There are many ways to optimise for crawling. But the following subchapters breaks down some of the biggest aspects that you can control.
Robots.txt
Robots.txt is a file located at the root of the website. The main purpose of this file is to provide rules for GoogleBot regarding what URLs not to crawl. By implementing rules in this file, you can steer where Google should focus its crawling. Google looks into this file before it starts to crawl your website. This is hence a quick win if you have a lot of URLs you consider unnecessary to focus crawling on. Great examples of URLs to disallow crawling from here could be pages containing filter-parameters that you don’t want to index. This means that Google should be able to crawl more static pages that you want to index in your crawl budget.
Dynamic Rendering
We have previously discussed the possible problems with crawling related to JavaScript-rendered applications. A solution to this is to implement dynamic rendering. Dynamic rendering can be technically challenging to implement (depending upon how your platform is set up), but the underlying concept is easy.
The concept is that you show your regular application to users, but a pre-rendered application to GoogleBot (and other important bots). Pre-rendering means that you already have assembled the documents as they will look in their final version (when JavaScript has executed), and you then show that premade version for GoogleBot so that Google doesn’t have to do the heavy lifting in terms of rendering the documents. This could speed up crawling heavily since you don’t have to wait for Google to render the documents before it can read the documents completely or follow internal links.
Here is a good video explaining this in a more simple format:
Sitemap Structure
Since Google prioritises URLs in sitemaps for crawling, you can submit URLs here that you want to crawl more frequently, but also new URLs to get them crawled faster than the process where Google has to follow internal links to reach them.
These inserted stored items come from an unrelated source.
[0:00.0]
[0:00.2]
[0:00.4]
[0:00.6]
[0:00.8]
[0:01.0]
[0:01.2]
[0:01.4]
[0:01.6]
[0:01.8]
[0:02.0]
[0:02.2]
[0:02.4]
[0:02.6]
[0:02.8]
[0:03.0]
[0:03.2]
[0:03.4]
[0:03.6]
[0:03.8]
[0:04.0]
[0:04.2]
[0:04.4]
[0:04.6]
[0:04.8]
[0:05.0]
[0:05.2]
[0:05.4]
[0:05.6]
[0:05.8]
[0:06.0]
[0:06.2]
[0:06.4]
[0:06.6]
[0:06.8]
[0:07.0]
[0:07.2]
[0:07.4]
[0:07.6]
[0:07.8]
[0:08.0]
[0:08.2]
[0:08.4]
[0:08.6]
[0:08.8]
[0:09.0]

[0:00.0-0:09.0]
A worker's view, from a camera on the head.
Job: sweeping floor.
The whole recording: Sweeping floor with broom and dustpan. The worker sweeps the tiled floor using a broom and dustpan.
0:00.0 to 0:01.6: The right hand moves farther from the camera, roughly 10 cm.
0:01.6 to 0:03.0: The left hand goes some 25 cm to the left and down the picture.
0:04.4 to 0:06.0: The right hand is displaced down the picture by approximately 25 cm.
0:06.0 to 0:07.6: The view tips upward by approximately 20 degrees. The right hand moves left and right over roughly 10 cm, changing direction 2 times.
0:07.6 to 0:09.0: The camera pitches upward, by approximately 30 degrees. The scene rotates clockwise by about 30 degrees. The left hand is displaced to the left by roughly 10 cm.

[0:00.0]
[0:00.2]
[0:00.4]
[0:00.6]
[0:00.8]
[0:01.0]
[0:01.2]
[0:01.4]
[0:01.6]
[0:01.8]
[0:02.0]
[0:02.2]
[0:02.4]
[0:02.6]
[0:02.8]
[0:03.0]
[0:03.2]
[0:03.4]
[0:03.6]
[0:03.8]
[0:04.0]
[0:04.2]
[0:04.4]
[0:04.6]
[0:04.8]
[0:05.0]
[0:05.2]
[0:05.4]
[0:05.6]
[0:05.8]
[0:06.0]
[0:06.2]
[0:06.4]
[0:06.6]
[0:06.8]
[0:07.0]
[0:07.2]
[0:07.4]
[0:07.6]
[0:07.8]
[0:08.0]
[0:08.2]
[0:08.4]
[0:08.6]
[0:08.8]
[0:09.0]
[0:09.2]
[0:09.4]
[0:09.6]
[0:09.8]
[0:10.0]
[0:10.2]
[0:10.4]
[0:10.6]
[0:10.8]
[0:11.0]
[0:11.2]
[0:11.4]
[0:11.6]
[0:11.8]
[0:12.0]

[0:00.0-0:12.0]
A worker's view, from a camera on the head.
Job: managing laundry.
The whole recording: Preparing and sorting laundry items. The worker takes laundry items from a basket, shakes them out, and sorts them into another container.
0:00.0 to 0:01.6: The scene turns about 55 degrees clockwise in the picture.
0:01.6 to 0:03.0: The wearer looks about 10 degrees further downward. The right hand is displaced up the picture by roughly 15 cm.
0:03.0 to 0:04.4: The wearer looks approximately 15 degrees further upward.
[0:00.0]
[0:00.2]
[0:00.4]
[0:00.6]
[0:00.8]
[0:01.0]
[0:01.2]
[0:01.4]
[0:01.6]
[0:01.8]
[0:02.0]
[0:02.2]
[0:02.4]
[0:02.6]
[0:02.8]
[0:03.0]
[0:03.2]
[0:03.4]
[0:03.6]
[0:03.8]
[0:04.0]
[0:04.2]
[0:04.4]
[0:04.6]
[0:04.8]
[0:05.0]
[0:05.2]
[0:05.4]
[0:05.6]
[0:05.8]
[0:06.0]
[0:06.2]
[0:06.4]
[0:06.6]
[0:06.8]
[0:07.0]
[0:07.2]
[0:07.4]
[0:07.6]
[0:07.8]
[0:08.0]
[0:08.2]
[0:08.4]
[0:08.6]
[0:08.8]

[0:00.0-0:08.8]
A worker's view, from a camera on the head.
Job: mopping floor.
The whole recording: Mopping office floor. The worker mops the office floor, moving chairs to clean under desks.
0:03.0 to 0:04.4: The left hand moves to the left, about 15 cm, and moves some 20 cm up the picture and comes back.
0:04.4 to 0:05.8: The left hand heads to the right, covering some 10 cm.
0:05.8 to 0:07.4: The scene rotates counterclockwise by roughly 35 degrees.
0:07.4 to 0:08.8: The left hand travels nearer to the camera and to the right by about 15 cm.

Keep in mind to be as strategic as possible when selecting URLs for inclusion in your sitemaps. If you have a very large web-application with millions of URLs, and a crawl budget of 300 000 URLs/day, it’s not going to make sense to include all of your URLs in your sitemaps since this doesn’t really prioritise crawling to a specific sample. A good sample to include in your sitemaps are URLs with content that updates frequently and new URLs. This will keep your application or content more up to date in Google’s index as well as indexing of new URLs can go faster.
Page Speed & Server Performance
GoogleBot does not want to overload your servers while crawling. If it feels that the response-time from your server is getting slower and slower, it will back off from crawling and continue at another time. If you then optimise your pages to quickly serve content to GoogleBot and your servers to handle heavier requests from Google, GoogleBot will crawl more aggressively which for you means more crawled URLs / time that GoogleBot visits your web application. In short, optimising page speed increases the overall crawl-budget.